Trials can make it seem like Jesus is unconcerned and, therefore, it is sometimes easy to resort to doubt or depression, panic or unrest... yet....
Jesus' calm is not callused
His composure is not cold-heartedness
His love and concern will never change

#10 (Lesson): Live life moment by moment - Be thankful for this moment of peace... don't live in the fear or worry of the next... like fretting about when she is going to stir, when the crying is going to start again, when I'm going to need to hop out of bed again, or when I am going to get everything done that needs to get done.


#11 (Lesson): Last year I read a book about the names of God that really grew me and one of the names I learned was Jehovah Rophe, which means "The Lord Heals". As I have journeyed through this season with Kaylee, this name has come to mind on multiple occasions, most often in moments when it seems like the Lord isn't healing physical burdens, which was often discouraging. But still, I let the name enter in because I knew I could choose to trust and dwell on it in hope as I saw slow progress towards healing. Yet, just as one issue would begin to resolve, it seemed as though another was on the rise. In the midst of this, I have realized that the Lord had other intentions in bringing Jehovah Rophe to mind. Yes, He can and was beginning to ease some of our physical struggles, but even if some of those burdens never cease, His true longing was to heal me in other ways and remind me to pray for this same healing in others. As this name came to mind, I began seeing a need to heal mentally, emotionally, and spiritually. I saw ugly wounds and scares caused by the doubt, anxiety, worry, complaining, and other baggage that had entered in and I needed healing from these things so that I could begin trusting Him in the physical trials. Sometimes wounds open back up but what I have learned is the Lord longs to be Jehovah Rophe.

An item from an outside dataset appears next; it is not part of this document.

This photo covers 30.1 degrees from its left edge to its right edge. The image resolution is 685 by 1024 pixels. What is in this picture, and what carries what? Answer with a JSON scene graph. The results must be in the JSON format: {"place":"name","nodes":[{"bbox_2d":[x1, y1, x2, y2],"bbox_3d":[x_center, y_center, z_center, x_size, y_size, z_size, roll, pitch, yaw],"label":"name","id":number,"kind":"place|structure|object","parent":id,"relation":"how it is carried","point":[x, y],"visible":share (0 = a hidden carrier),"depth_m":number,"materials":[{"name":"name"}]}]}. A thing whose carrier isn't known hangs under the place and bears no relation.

#12 (Thought/Lesson): I always give Brandon a hard time for going on and on with a story while talking, but I guess when I type, I probably compare to him in my abilities to make a short blog long. :)

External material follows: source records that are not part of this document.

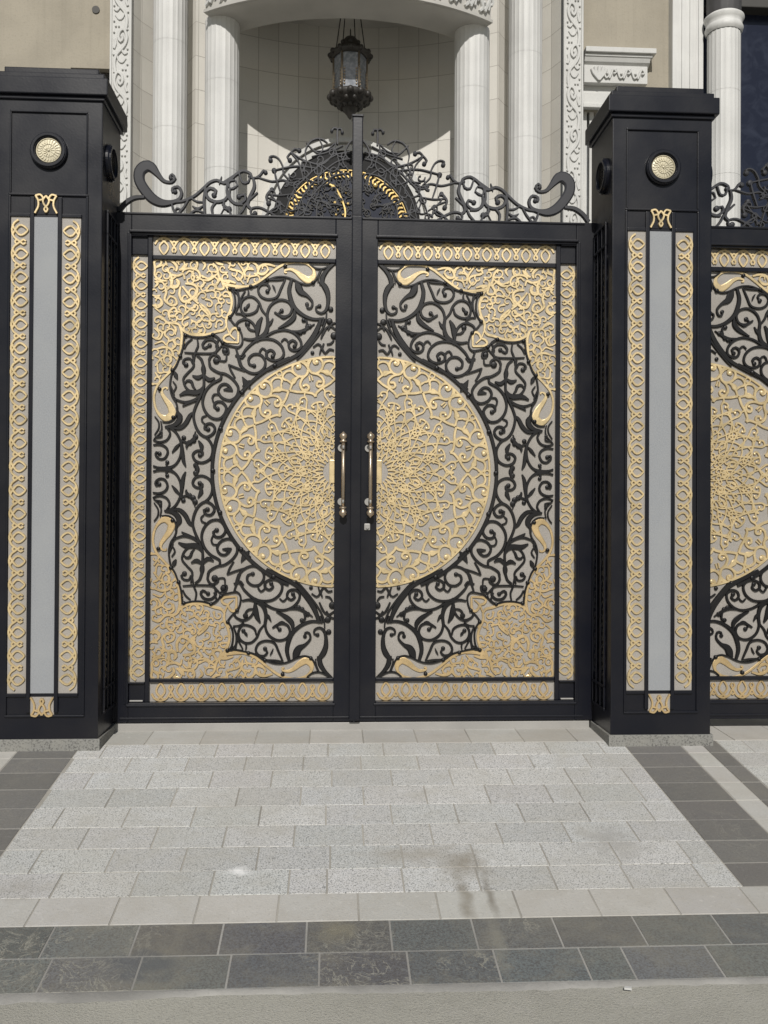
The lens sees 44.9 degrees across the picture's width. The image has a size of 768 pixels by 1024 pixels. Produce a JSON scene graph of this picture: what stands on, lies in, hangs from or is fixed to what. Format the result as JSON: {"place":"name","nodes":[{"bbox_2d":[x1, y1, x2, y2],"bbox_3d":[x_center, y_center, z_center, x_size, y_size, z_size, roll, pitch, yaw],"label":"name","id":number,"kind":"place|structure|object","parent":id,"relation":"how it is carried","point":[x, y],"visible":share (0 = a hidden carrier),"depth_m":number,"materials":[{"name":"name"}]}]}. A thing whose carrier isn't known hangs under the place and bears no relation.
{"place":"outdoors","nodes":[
{"label":"outdoors","id":0,"kind":"place"},
{"bbox_2d":[0,740,767,898],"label":"driveway","id":1,"kind":"structure","parent":0,"point":[606,791],"depth_m":4.06,"materials":[{"name":"stone"}]},
{"bbox_2d":[0,984,767,1023],"bbox_3d":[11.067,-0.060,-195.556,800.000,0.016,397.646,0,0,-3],"label":"road","id":2,"kind":"structure","parent":0,"point":[712,1004],"depth_m":2.82,"materials":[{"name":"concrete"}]},
{"bbox_2d":[0,977,767,1004],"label":"mortar edge","id":3,"kind":"object","parent":2,"relation":"on","point":[6,999],"visible":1,"depth_m":2.92,"materials":[{"name":"concrete"}]},
{"bbox_2d":[624,986,631,989],"bbox_3d":[0.769,1.501,2.933,0.023,0.006,0.014,0,0,12],"label":"paper scrap","id":4,"kind":"object","parent":2,"relation":"on","point":[627,987],"visible":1,"depth_m":2.93,"materials":[{"name":"white paper"}]},
{"bbox_2d":[0,728,767,990],"bbox_3d":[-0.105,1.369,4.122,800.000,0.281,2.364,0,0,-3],"label":"paving base","id":5,"kind":"object","parent":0,"point":[43,799],"visible":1,"depth_m":3.96,"materials":[{"name":"grey concrete"}]},
{"bbox_2d":[0,726,767,926],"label":"paving border","id":6,"kind":"object","parent":5,"relation":"on","point":[321,907],"visible":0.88,"depth_m":3.44,"materials":[{"name":"stone"}]},
{"bbox_2d":[0,66,126,751],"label":"gate pillar","id":7,"kind":"structure","parent":6,"relation":"on","point":[62,130],"depth_m":4.86,"materials":[{"name":"black metal"}]},
{"bbox_2d":[113,720,588,731],"bbox_3d":[-0.171,1.227,5.316,2.706,0.066,0.074,0,0,-3],"label":"threshold","id":8,"kind":"object","parent":6,"relation":"on","point":[331,725],"visible":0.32,"depth_m":5.28,"materials":[{"name":"stone"}]},
{"bbox_2d":[113,114,363,722],"bbox_3d":[-0.829,-0.540,5.242,1.411,3.447,0.136,0,0,-3],"label":"gate leaf","id":9,"kind":"object","parent":8,"relation":"on","point":[238,473],"visible":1,"depth_m":5.27,"materials":[{"name":"black metal"}]},
{"bbox_2d":[359,128,594,720],"bbox_3d":[0.530,-0.503,5.318,1.373,3.390,0.136,0,0,-3],"label":"gate leaf","id":10,"kind":"object","parent":8,"relation":"on","point":[476,476],"visible":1,"depth_m":5.35,"materials":[{"name":"black metal"}]},
{"bbox_2d":[585,86,719,746],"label":"gate pillar","id":11,"kind":"structure","parent":6,"relation":"on","point":[652,170],"depth_m":5.04,"materials":[{"name":"black metal"}]},
{"bbox_2d":[710,163,767,718],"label":"gate leaf","id":12,"kind":"object","parent":6,"relation":"on","point":[739,507],"visible":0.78,"depth_m":5.44,"materials":[{"name":"black metal"}]},
{"bbox_2d":[0,741,767,886],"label":"slate strip","id":13,"kind":"object","parent":5,"relation":"on","point":[712,811],"visible":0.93,"depth_m":4.36,"materials":[{"name":"grey stone"}]},
{"bbox_2d":[0,913,767,994],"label":"mortar bed","id":14,"kind":"object","parent":5,"relation":"on","point":[410,981],"visible":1,"depth_m":3.09,"materials":[{"name":"concrete"}]},
{"bbox_2d":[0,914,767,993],"bbox_3d":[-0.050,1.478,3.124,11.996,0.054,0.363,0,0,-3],"label":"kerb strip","id":15,"kind":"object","parent":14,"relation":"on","point":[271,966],"visible":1,"depth_m":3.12,"materials":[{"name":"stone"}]},
{"bbox_2d":[710,719,767,726],"bbox_3d":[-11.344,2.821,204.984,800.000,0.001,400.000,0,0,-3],"label":"ground","id":16,"kind":"structure","parent":0,"point":[738,722],"depth_m":5.57,"materials":[{"name":"grey stone"}]},
{"bbox_2d":[0,0,767,226],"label":"villa","id":17,"kind":"object","parent":16,"relation":"on","point":[509,97],"visible":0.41,"depth_m":9.53,"materials":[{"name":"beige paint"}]},
{"bbox_2d":[101,73,109,81],"bbox_3d":[-2.984,-2.143,9.499,0.398,4.723,0.080,0,0,-3],"label":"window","id":18,"kind":"structure","parent":17,"relation":"in","point":[107,75],"depth_m":9.49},
{"bbox_2d":[262,137,430,218],"bbox_3d":[-0.408,-1.340,9.847,1.770,5.152,0.300,0,0,-3],"label":"entrance door","id":19,"kind":"structure","parent":17,"relation":"in","point":[388,195],"depth_m":9.76,"materials":[{"name":"black metal"}]},
{"bbox_2d":[327,18,372,119],"bbox_3d":[-0.339,-4.575,9.366,0.472,1.258,0.472,0,0,-3],"label":"hanging lantern","id":20,"kind":"object","parent":17,"relation":"hanging from","point":[350,57],"visible":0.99,"depth_m":9.25,"materials":[{"name":"brown metal"}]},
{"bbox_2d":[583,46,655,222],"bbox_3d":[2.411,-2.360,9.693,0.740,4.820,0.340,0,0,-3],"label":"window","id":21,"kind":"structure","parent":17,"relation":"in","point":[604,68],"depth_m":9.62,"materials":[{"name":"white stone"}]}
]}

#13 (Request): Lastly, please pray...
...that Brandon and I would continue to grow together and grow in our love and appreciation of one another as we face the challenges and joys of a raising little Kaylee.
...that God would grant us wisdom, grace, and joy in our efforts to help Kaylee.
...that I would continue to grow in learning to be thankful and obedient instead of becoming critical or discouraged.